7b0cce2 verified 6 months ago

7.82 kB

	---
	license: cc-by-sa-4.0
	language:
	- multilingual
	- af
	- am
	- ar
	- as
	- az
	- be
	- bg
	- bn
	- br
	- bs
	- ca
	- cs
	- cy
	- da
	- de
	- el
	- en
	- eo
	- es
	- et
	- eu
	- fa
	- fi
	- fr
	- fy
	- ga
	- gd
	- gl
	- gu
	- ha
	- he
	- hi
	- hr
	- hu
	- hy
	- id
	- is
	- it
	- ja
	- jv
	- ka
	- kk
	- km
	- kn
	- ko
	- ku
	- ky
	- la
	- lo
	- lt
	- lv
	- mg
	- mk
	- ml
	- mn
	- mr
	- ms
	- my
	- ne
	- nl
	- 'no'
	- om
	- or
	- pa
	- pl
	- ps
	- pt
	- ro
	- ru
	- sa
	- sd
	- si
	- sk
	- sl
	- so
	- sq
	- sr
	- su
	- sv
	- sw
	- ta
	- te
	- th
	- tl
	- tr
	- ug
	- uk
	- ur
	- uz
	- vi
	- xh
	- yi
	- zh
	tags:
	- text-classification
	- register
	- web-register
	- genre
	---
	# Web register classification (multilingual model)

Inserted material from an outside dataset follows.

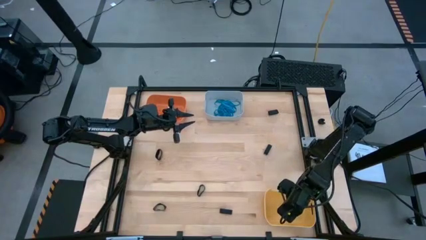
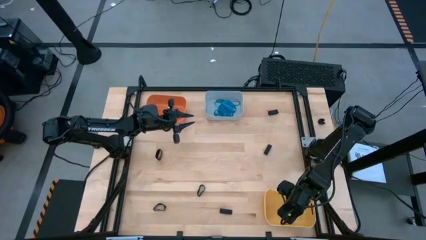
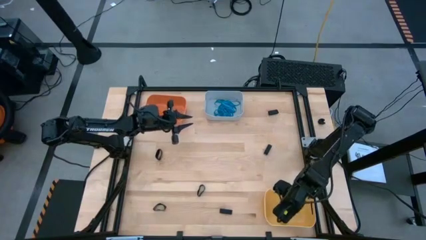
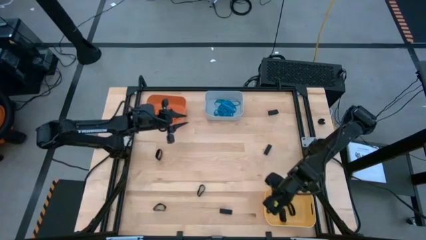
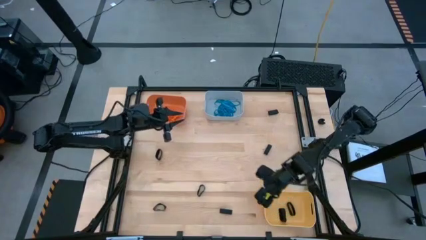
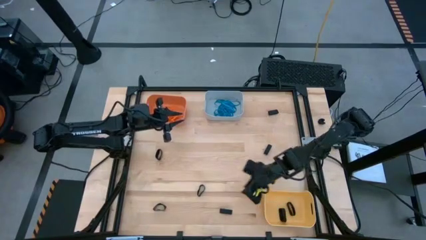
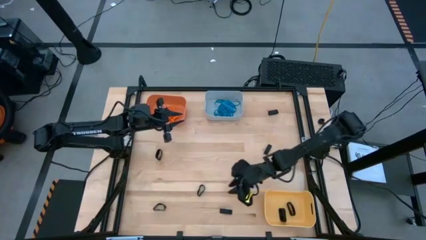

	A multilingual web register classifier, fine-tuned from [XLM-RoBERTa-large](https://huggingface.co/FacebookAI/xlm-roberta-large).
	The model is trained with the multilingual CORE corpora across five languages (English, Finnish, French, Swedish, Turkish) to classify documents based on the [CORE taxonomy](https://turkunlp.org/register-annotation-docs/).
	It can predict labels for the 100 languages covered by XLM-RoBERTa-large. The model achieves state-of-the-art performance in classifying web registers for the trained languages and has strong transfer performance (see Evaluation below).
	It is designed to support the development of open language models and for linguists analyzing register variation.

	## Model Details

	### Model Description

	- Developed by: TurkuNLP
	- Funded by: The Research Council of Finland, Eemil Aaltonen Foundation, University of Turku
	- Shared by: TurkuNLP
	- Model type: Language model
	- Language(s) (NLP): English, Finnish, French, Swedish, Turkish
	- License: apache-2.0
	- Finetuned from model: FacebookAI/xlm-roberta-large

	### Model Sources

	- Repository: https://github.com/TurkuNLP/pytorch-registerlabeling
	- Paper: Coming soon!

	## Register labels and their abbreviations

	Below is a list of the register labels predicted by the model. Note that some labels are hierarchical; when a sublabel is predicted, its parent label is also predicted.
	For a more detailed description of the label scheme, see [here](https://turkunlp.org/register-annotation-docs/).

	The main labels are uppercase. To only include these main labels in the predictions, simply slice the model's output to keep only the uppercase labels.

	- MT: Machine translated or generated
	- LY: Lyrical
	- SP: Spoken
	- it: Interview
	- ID: Interactive discussion
	- NA: Narrative
	- ne: News report
	- sr: Sports report
	- nb: Narrative blog
	- HI: How-to or instructions
	- re: Recipe
	- IN: Informational description
	- en: Encyclopedia article
	- ra: Research article
	- dtp: Description of a thing or person
	- fi: Frequently asked questions
	- lt: Legal terms and conditions
	- OP: Opinion
	- rv: Review
	- ob: Opinion blog
	- rs: Denominational religious blog or sermon
	- av: Advice
	- IP: Informational persuasion
	- ds: Description with intent to sell
	- ed: News & opinion blog or editorial

	## How to Get Started with the Model

	Use the code below to get started with the model.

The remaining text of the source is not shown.